No Credit Where Credit Is Due – Southwest VISA Again

Yesterday I got a call from a woman at Chase Bank. They’re the folks who provide my one and only credit card. She was calling because my complaint to the Comptroller of the Currency hit their doorstep.

She didn’t call to offer a solution or explain what was going on. She just called to say they had gotten the complaint and would respond in 7-14 days.

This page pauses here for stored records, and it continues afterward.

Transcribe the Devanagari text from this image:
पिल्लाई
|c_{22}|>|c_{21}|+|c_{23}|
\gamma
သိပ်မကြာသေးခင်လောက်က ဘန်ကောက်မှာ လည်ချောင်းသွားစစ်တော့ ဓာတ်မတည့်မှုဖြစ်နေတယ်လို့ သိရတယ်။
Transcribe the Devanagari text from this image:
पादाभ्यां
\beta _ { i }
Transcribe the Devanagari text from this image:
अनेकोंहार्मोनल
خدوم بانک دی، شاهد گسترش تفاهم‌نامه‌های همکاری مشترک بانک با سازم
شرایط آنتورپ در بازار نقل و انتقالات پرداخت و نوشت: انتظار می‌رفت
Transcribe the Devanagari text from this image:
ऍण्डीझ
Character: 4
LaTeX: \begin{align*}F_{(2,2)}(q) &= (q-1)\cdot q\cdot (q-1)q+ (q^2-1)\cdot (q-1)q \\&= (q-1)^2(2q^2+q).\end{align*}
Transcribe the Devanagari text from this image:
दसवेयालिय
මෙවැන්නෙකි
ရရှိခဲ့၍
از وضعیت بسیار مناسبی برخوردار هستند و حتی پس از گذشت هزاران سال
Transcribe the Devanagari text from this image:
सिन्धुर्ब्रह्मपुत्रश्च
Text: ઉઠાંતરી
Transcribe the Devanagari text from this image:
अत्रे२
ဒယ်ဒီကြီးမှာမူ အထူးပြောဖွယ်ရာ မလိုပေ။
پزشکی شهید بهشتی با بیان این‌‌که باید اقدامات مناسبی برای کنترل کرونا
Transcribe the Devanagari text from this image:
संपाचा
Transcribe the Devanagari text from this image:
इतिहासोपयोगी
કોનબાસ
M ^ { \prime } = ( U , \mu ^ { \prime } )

This is probably a legal requirement. No extra points for customer service here.

My Southwest Airlines Rapid Rewards Visa has been the topic of many posts here, because it has been such a frustrating experience. Here’s a link to my last screed.

Like I said, I got so upset I wrote the Comptroller of the Currency, the federal agency that controls banks with “NA” at the end of their name.

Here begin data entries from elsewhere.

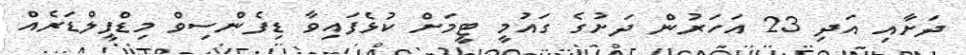
ދަށާއި އަދި 23 އަހަރުން ދަށުގެ ގައުމީ ޓީމަށް ކުޅެފައިވާ ޑިފެންސިވް މިޑްފީލްޑަރެއް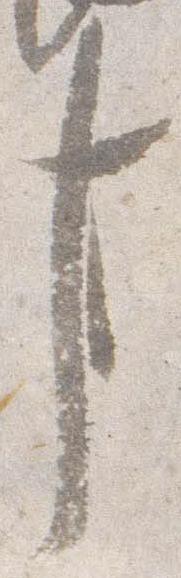
事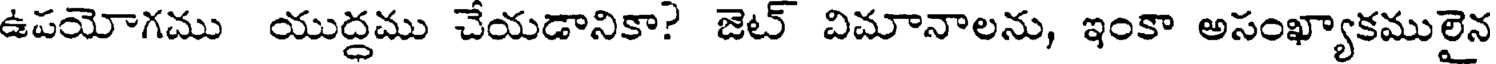
ఉపయోగము యుద్ధము చేయడానికా? జెట్ విమానాలను, ఇంకా అసంఖ్యాకములైన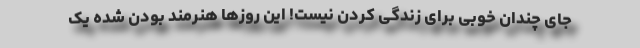
جای چندان خوبی برای زندگی کردن نیست! این روزها هنرمند بودن شده یک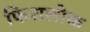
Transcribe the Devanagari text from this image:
फिशलोक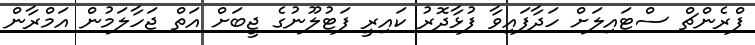
ފްރެންޗް ސްޓައިލަށް ހަދާފައިވާ ފުޅާދޮރު ކައިރީ ފަޓުލޫނުގެ ޖީބަށް އަތް ޖަހާލަމުން އަމްރާން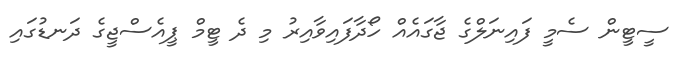
ސީޓީން ސެމީ ފައިނަލްގެ ޖާގައެއް ހޯދާފައިވާއިރު މި ދެ ޓީމް ޕީއެސްޖީގެ ދަނޑުގައި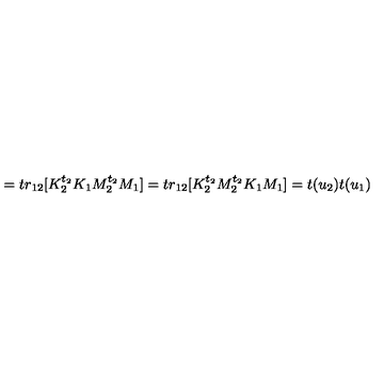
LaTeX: = t r _ { 1 2 } [ K _ { 2 } ^ { t _ { 2 } } K _ { 1 } M _ { 2 } ^ { t _ { 2 } } M _ { 1 } ] = t r _ { 1 2 } [ K _ { 2 } ^ { t _ { 2 } } M _ { 2 } ^ { t _ { 2 } } K _ { 1 } M _ { 1 } ] = t ( u _ { 2 } ) t ( u _ { 1 } )

So, yesterday I get their call and tonight… tonight they turn down the credit card again!

What a suspicious purchase. I was buying gas at a gas station I go to three or four times a month. I was using a Mobil Speedpass which is tied to the card.

I called the number on the back of the credit card and listened as an automated voice asked me if I recognized purchases, some going back two months, without giving me the name of the merchant… only the type of store in “credit cardese.”

Among the purchases they queried was Steffie’s Ipod. Whoa! That’s another purchase they turned down and had me call on in June. Good going. It’s the gift that keeps on giving!

And, if there was a question about a June purchase, why not ask me in… June? The fact that I’ve already paid for that purchase without question never entered into their equation.

Oh, the gas station I was at – they had previously declined my card there too!

My account is perfect. My reputation is soiled.

As I walked into the gas station, the clerk addressed me by my first name and then told me they had refused the charge. Will he go home and tell people about Geoff Fox the deadbeat? I hope not, but it’s possible.

What if this would have happened in Birmingham last week?

Earlier this evening I wrote about Southwest Airlines’ policy change for frequent flier miles. I really don’t want to change my airline/credit card allegiance. I know tonight’s problem is 100% the bank and not Southwest. Still, it’s very frustrating.

My sense is, no one at the bank really cares. The sad truth is, in 2005 it’s too expensive to worry about customers on an individual basis. I’m much less of a problem when viewed in the aggregate.

There’s Some Software I Need

Now that Steffie’s Ipod has disappeared, I’m starting to think more about security for those items she brings to school in the fall. We joked about it when the mother of a classmate bought Steffie a ‘lockbox’ for her dorm room. The joke’s on us!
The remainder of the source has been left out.